[PROBLEM DESCRIPTION]: Retype the records that come next, word for word.

::: EXTRACTED MATERIAL

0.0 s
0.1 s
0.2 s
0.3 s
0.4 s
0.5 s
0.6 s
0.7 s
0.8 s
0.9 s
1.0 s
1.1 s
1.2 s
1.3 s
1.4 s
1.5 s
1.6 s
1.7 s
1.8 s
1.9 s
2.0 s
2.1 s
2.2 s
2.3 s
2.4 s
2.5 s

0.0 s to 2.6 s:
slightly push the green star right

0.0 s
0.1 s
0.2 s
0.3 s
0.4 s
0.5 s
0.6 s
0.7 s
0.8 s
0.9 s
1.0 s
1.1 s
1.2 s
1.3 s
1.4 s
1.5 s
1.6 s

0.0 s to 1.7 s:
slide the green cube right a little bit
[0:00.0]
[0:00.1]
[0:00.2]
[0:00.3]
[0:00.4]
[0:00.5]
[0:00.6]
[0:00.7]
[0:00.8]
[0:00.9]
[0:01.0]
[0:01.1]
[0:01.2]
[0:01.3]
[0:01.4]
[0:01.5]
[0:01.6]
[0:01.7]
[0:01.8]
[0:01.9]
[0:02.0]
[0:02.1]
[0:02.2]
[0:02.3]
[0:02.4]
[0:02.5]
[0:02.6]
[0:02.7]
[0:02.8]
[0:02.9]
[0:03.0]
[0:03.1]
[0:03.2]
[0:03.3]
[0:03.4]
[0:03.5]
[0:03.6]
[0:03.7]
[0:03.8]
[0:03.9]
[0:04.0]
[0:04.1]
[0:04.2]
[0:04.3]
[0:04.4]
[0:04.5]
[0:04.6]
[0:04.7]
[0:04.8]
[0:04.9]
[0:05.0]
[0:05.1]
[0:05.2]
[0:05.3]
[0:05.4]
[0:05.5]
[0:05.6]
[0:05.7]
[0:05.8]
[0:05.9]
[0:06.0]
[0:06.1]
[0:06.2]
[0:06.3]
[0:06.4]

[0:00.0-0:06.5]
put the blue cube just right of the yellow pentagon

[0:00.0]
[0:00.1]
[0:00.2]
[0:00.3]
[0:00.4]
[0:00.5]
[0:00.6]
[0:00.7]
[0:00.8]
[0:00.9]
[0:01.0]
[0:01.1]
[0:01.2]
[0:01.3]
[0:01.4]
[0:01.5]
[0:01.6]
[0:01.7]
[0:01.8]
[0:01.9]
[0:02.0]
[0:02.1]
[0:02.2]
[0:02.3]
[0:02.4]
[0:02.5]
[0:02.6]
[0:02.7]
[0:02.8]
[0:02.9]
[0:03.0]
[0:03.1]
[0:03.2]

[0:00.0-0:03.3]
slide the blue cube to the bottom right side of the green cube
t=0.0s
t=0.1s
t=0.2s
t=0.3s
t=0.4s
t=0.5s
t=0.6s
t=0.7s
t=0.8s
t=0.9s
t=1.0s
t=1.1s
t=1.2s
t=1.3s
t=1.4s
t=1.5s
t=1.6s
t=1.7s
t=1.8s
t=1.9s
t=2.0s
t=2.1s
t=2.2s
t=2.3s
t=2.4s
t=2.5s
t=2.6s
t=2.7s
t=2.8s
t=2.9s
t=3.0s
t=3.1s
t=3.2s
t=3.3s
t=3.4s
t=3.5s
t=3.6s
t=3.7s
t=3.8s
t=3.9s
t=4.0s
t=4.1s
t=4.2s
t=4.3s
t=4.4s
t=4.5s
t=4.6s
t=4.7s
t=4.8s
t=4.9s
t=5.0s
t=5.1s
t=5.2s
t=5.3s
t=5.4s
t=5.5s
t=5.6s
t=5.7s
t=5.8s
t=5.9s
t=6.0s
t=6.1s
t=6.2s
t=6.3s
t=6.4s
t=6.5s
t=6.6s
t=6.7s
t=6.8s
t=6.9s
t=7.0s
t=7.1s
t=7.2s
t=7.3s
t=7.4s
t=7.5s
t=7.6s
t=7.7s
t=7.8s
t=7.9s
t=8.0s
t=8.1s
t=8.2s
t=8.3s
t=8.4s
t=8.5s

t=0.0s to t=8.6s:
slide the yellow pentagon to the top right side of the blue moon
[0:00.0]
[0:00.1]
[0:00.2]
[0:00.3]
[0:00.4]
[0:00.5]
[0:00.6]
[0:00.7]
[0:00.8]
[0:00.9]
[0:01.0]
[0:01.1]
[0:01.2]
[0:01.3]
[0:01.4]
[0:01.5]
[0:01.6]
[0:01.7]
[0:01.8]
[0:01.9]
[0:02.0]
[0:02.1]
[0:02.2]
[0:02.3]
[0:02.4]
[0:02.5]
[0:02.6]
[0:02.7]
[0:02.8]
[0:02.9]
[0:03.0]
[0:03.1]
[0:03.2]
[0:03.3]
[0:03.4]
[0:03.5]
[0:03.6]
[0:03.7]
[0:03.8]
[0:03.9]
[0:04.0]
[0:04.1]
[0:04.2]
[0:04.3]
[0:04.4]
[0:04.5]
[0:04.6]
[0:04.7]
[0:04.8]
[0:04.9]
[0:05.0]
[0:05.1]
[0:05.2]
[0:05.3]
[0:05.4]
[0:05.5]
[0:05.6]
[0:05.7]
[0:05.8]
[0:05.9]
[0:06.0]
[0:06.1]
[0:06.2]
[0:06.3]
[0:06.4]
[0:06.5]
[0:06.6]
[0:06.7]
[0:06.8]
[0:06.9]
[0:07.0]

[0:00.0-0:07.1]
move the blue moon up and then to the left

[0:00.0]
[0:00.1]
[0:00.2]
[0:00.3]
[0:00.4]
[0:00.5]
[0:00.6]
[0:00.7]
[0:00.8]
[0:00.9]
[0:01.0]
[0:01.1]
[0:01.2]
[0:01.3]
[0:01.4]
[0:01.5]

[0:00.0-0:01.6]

::::::

[OUTPUT FOR THIS EXERCISE]:
0.0 s
0.1 s
0.2 s
0.3 s
0.4 s
0.5 s
0.6 s
0.7 s
0.8 s
0.9 s
1.0 s
1.1 s
1.2 s
1.3 s
1.4 s
1.5 s
1.6 s
1.7 s
1.8 s
1.9 s
2.0 s
2.1 s
2.2 s
2.3 s
2.4 s
2.5 s

0.0 s to 2.6 s:
slightly push the green star right

0.0 s
0.1 s
0.2 s
0.3 s
0.4 s
0.5 s
0.6 s
0.7 s
0.8 s
0.9 s
1.0 s
1.1 s
1.2 s
1.3 s
1.4 s
1.5 s
1.6 s

0.0 s to 1.7 s:
slide the green cube right a little bit
[0:00.0]
[0:00.1]
[0:00.2]
[0:00.3]
[0:00.4]
[0:00.5]
[0:00.6]
[0:00.7]
[0:00.8]
[0:00.9]
[0:01.0]
[0:01.1]
[0:01.2]
[0:01.3]
[0:01.4]
[0:01.5]
[0:01.6]
[0:01.7]
[0:01.8]
[0:01.9]
[0:02.0]
[0:02.1]
[0:02.2]
[0:02.3]
[0:02.4]
[0:02.5]
[0:02.6]
[0:02.7]
[0:02.8]
[0:02.9]
[0:03.0]
[0:03.1]
[0:03.2]
[0:03.3]
[0:03.4]
[0:03.5]
[0:03.6]
[0:03.7]
[0:03.8]
[0:03.9]
[0:04.0]
[0:04.1]
[0:04.2]
[0:04.3]
[0:04.4]
[0:04.5]
[0:04.6]
[0:04.7]
[0:04.8]
[0:04.9]
[0:05.0]
[0:05.1]
[0:05.2]
[0:05.3]
[0:05.4]
[0:05.5]
[0:05.6]
[0:05.7]
[0:05.8]
[0:05.9]
[0:06.0]
[0:06.1]
[0:06.2]
[0:06.3]
[0:06.4]

[0:00.0-0:06.5]
put the blue cube just right of the yellow pentagon

[0:00.0]
[0:00.1]
[0:00.2]
[0:00.3]
[0:00.4]
[0:00.5]
[0:00.6]
[0:00.7]
[0:00.8]
[0:00.9]
[0:01.0]
[0:01.1]
[0:01.2]
[0:01.3]
[0:01.4]
[0:01.5]
[0:01.6]
[0:01.7]
[0:01.8]
[0:01.9]
[0:02.0]
[0:02.1]
[0:02.2]
[0:02.3]
[0:02.4]
[0:02.5]
[0:02.6]
[0:02.7]
[0:02.8]
[0:02.9]
[0:03.0]
[0:03.1]
[0:03.2]

[0:00.0-0:03.3]
slide the blue cube to the bottom right side of the green cube
t=0.0s
t=0.1s
t=0.2s
t=0.3s
t=0.4s
t=0.5s
t=0.6s
t=0.7s
t=0.8s
t=0.9s
t=1.0s
t=1.1s
t=1.2s
t=1.3s
t=1.4s
t=1.5s
t=1.6s
t=1.7s
t=1.8s
t=1.9s
t=2.0s
t=2.1s
t=2.2s
t=2.3s
t=2.4s
t=2.5s
t=2.6s
t=2.7s
t=2.8s
t=2.9s
t=3.0s
t=3.1s
t=3.2s
t=3.3s
t=3.4s
t=3.5s
t=3.6s
t=3.7s
t=3.8s
t=3.9s
t=4.0s
t=4.1s
t=4.2s
t=4.3s
t=4.4s
t=4.5s
t=4.6s
t=4.7s
t=4.8s
t=4.9s
t=5.0s
t=5.1s
t=5.2s
t=5.3s
t=5.4s
t=5.5s
t=5.6s
t=5.7s
t=5.8s
t=5.9s
t=6.0s
t=6.1s
t=6.2s
t=6.3s
t=6.4s
t=6.5s
t=6.6s
t=6.7s
t=6.8s
t=6.9s
t=7.0s
t=7.1s
t=7.2s
t=7.3s
t=7.4s
t=7.5s
t=7.6s
t=7.7s
t=7.8s
t=7.9s
t=8.0s
t=8.1s
t=8.2s
t=8.3s
t=8.4s
t=8.5s

t=0.0s to t=8.6s:
slide the yellow pentagon to the top right side of the blue moon
[0:00.0]
[0:00.1]
[0:00.2]
[0:00.3]
[0:00.4]
[0:00.5]
[0:00.6]
[0:00.7]
[0:00.8]
[0:00.9]
[0:01.0]
[0:01.1]
[0:01.2]
[0:01.3]
[0:01.4]
[0:01.5]
[0:01.6]
[0:01.7]
[0:01.8]
[0:01.9]
[0:02.0]
[0:02.1]
[0:02.2]
[0:02.3]
[0:02.4]
[0:02.5]
[0:02.6]
[0:02.7]
[0:02.8]
[0:02.9]
[0:03.0]
[0:03.1]
[0:03.2]
[0:03.3]
[0:03.4]
[0:03.5]
[0:03.6]
[0:03.7]
[0:03.8]
[0:03.9]
[0:04.0]
[0:04.1]
[0:04.2]
[0:04.3]
[0:04.4]
[0:04.5]
[0:04.6]
[0:04.7]
[0:04.8]
[0:04.9]
[0:05.0]
[0:05.1]
[0:05.2]
[0:05.3]
[0:05.4]
[0:05.5]
[0:05.6]
[0:05.7]
[0:05.8]
[0:05.9]
[0:06.0]
[0:06.1]
[0:06.2]
[0:06.3]
[0:06.4]
[0:06.5]
[0:06.6]
[0:06.7]
[0:06.8]
[0:06.9]
[0:07.0]

[0:00.0-0:07.1]
move the blue moon up and then to the left

[0:00.0]
[0:00.1]
[0:00.2]
[0:00.3]
[0:00.4]
[0:00.5]
[0:00.6]
[0:00.7]
[0:00.8]
[0:00.9]
[0:01.0]
[0:01.1]
[0:01.2]
[0:01.3]
[0:01.4]
[0:01.5]

[0:00.0-0:01.6]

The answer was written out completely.